TA Grenoble, 04/06/2024, n°2102080


REPUBLIQUE FRANCAISE

AU NOM DU PEUPLE FRANCAIS


Vu la procédure suivante :

Par une requête et des mémoires, enregistrés les 31 mars 2021, 8, 9 et 12 septembre 2022, la société Moreau Kusunoki Architectes, représentée par Me Salles, demande au tribunal :

1°) d'établir le décompte général et définitif du marché de maîtrise d'œuvre que le groupement a conclu avec l'Université Savoie Mont-Blanc pour au montant de 845 741,62 euros HT, soit 1 013 513,09 euros TTC et plus précisément le décompte général et définitif de Moreau Kusunoki Architectes au montant de 459 658,11 euros HT, soit 550 730,89 euros TTC, décomposé comme suit :

- Prestations contractuelles : 442 803,89 euros HT, soit 531 364,67 euros TTC

- Travaux supplémentaires : 12 560 euros HT, soit 15 072 euros TTC

- Intérêts moratoires : 4 294,22 euros ;

2°) de condamner l'Université Savoie Mont-Blanc à lui verser la somme de 21 495,59 euros HT, soit 24 932,87 euros TTC, en règlement du solde du marché, cette somme étant assortie des intérêts légaux capitalisés à compter du 1er décembre 2020 ;

3°) de mettre à la charge de l'université Savoie Mont Blanc une somme de 5 000 euros à verser à chacun en application de l'article L. 761-1 du code de justice administrative.
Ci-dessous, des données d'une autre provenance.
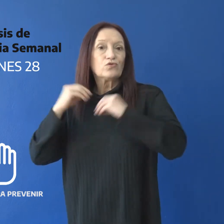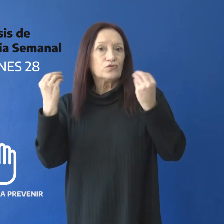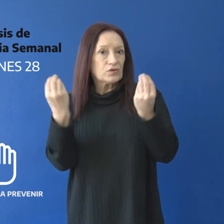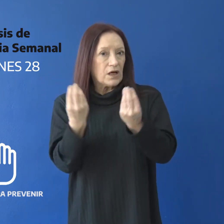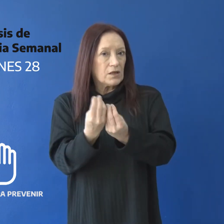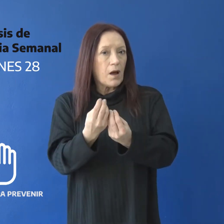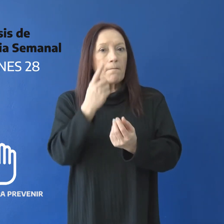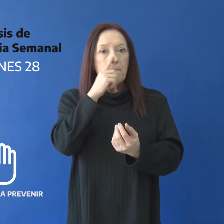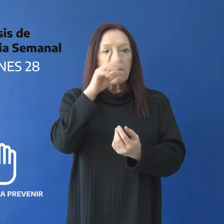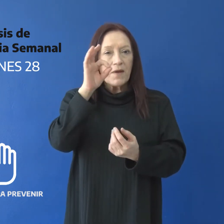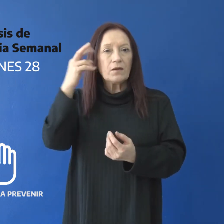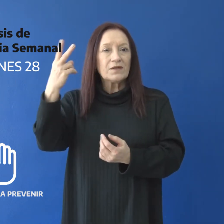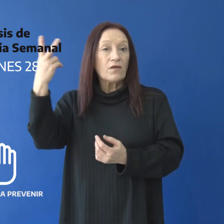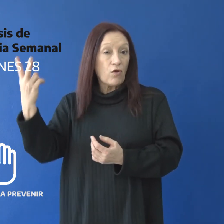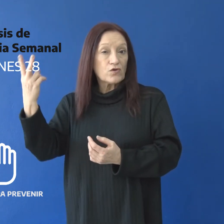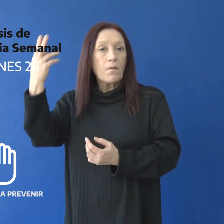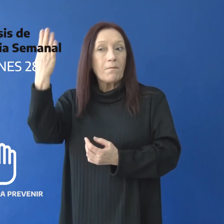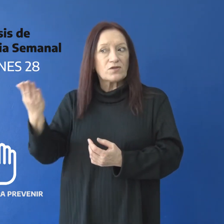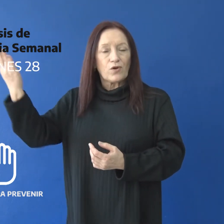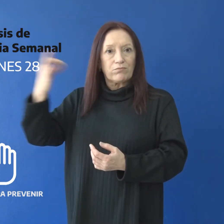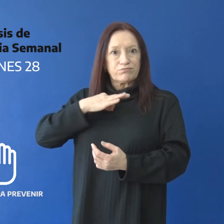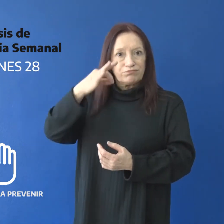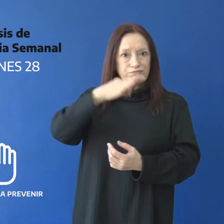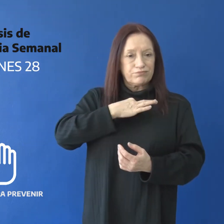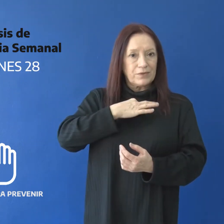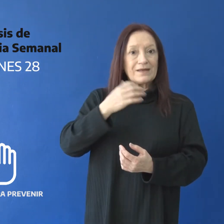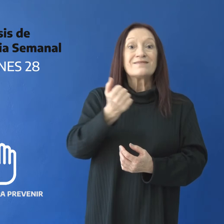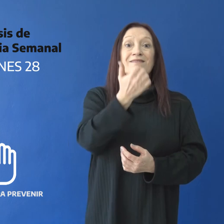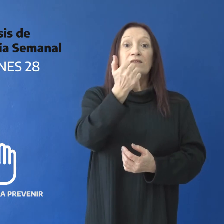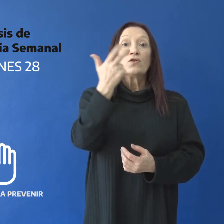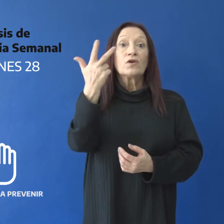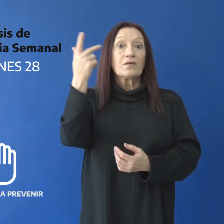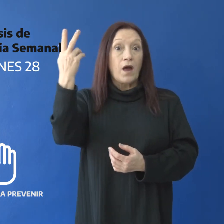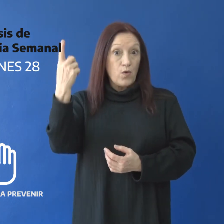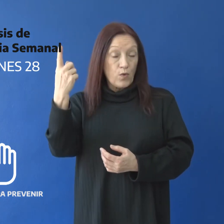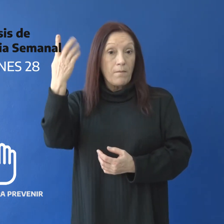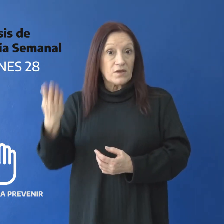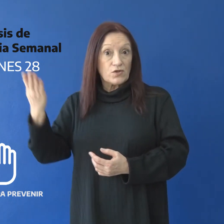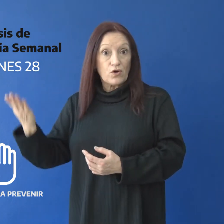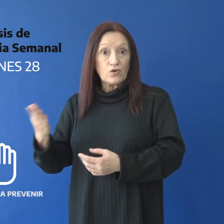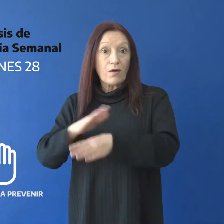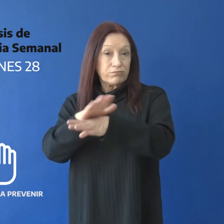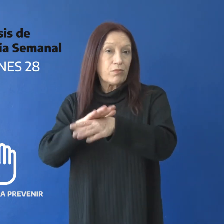un total de 1.022 activos 631 pacientes recibieron el alta

La requérante soutient que :

- sa requête est recevable ;

- des prestations non contestées doivent être réglées par l'université à hauteur de 21 247,09 euros HT ;

- c'est à tort que l'université n'a pas inclus la pénalité pour non-respect du programme dans le calcul du plafond des pénalités prévu par l'article 7.6 du CCP ;

- la pénalité pour non-respect du programme n'est pas justifiée et à titre subsidiaire, elle ne saurait en tout état de cause être réclamée qu'à la société BETOM ;

- la pénalité pour retard dans la transmission des documents n'est pas justifiée ;

- des travaux supplémentaires ont été réalisés et doivent être payés à hauteur de 12 560 euros ;

Par des mémoires en défense, enregistrés les 3 juin et 8 septembre 2022, l'Université Savoie Mont Blanc, représentée par Me Guimet conclut à titre principal à l'irrecevabilité de la requête, à titre subsidiaire à son rejet au fond, en toute hypothèse à ce qu'il soit dit que les conséquences de la non-conformité du bâtiment à la réglementation incendie ne relèvent pas de l'objet du présent litige et réserver les droits de l'université à l'égard de la requérante à ce titre et à ce que soit mis à la charge de la requérante la somme de 5 000 euros au titre de l'article L. 761-1 du code de justice administrative.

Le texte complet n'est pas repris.